(Items from a dataset)
****************

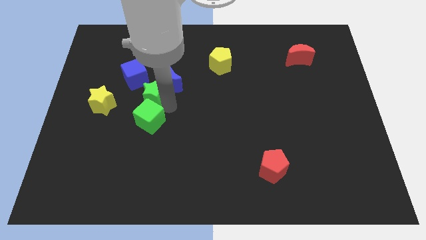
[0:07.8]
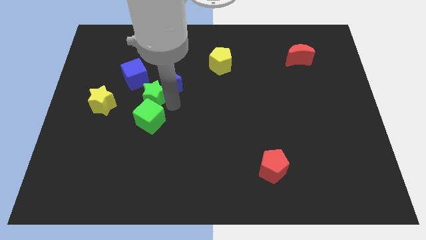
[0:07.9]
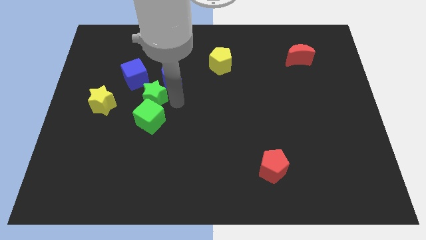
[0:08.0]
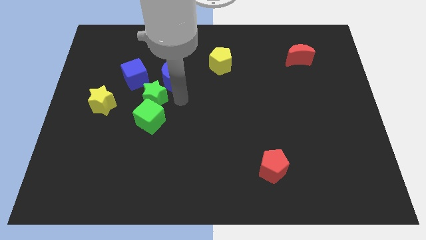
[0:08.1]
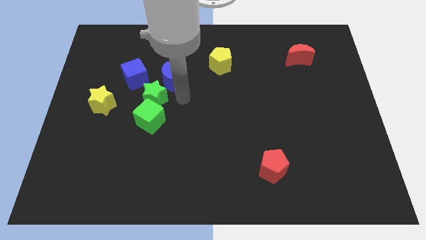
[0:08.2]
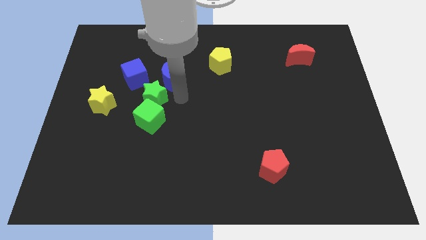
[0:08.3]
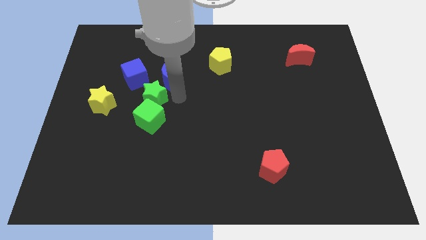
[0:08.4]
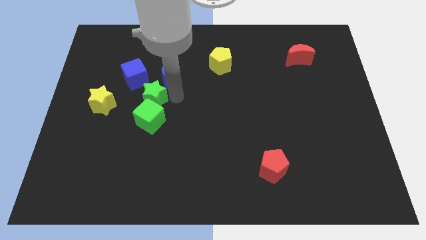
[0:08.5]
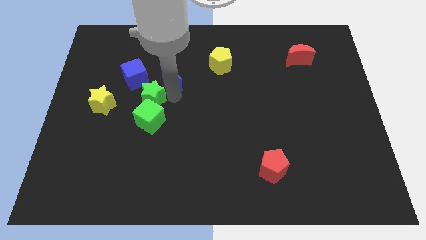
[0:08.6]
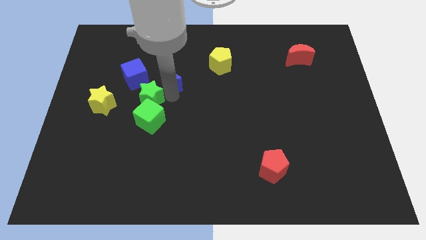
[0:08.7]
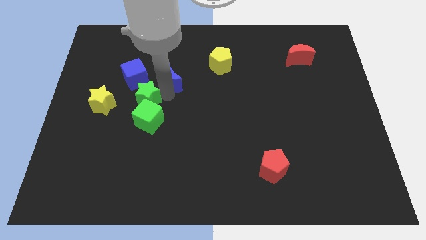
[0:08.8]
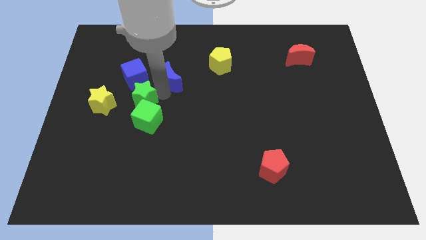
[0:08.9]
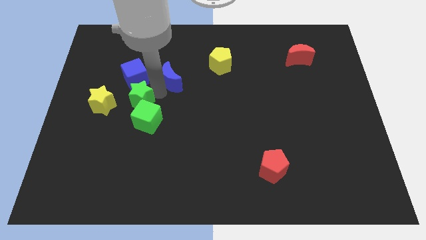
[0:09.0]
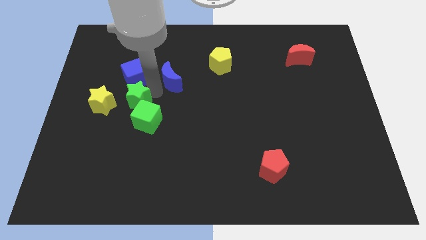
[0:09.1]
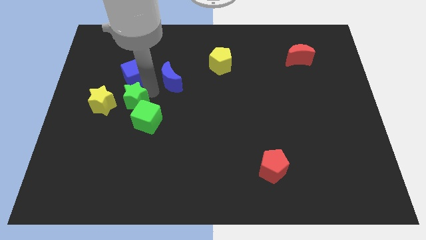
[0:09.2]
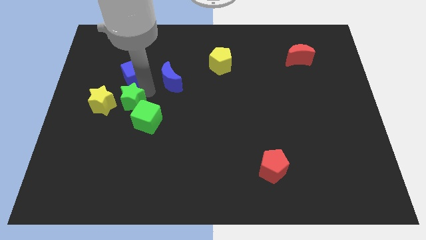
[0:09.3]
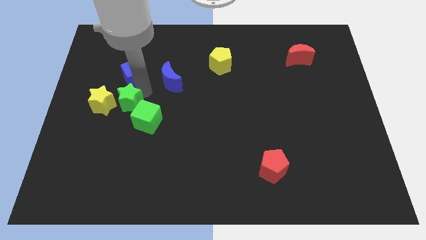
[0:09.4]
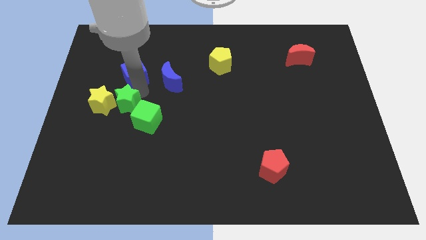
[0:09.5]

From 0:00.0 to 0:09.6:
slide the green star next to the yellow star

****************

Task instructions:
Output the records verbatim without pictures.

Written answer:
[0:07.8]
[0:07.9]
[0:08.0]
[0:08.1]
[0:08.2]
[0:08.3]
[0:08.4]
[0:08.5]
[0:08.6]
[0:08.7]
[0:08.8]
[0:08.9]
[0:09.0]
[0:09.1]
[0:09.2]
[0:09.3]
[0:09.4]
[0:09.5]

From 0:00.0 to 0:09.6:
slide the green star next to the yellow star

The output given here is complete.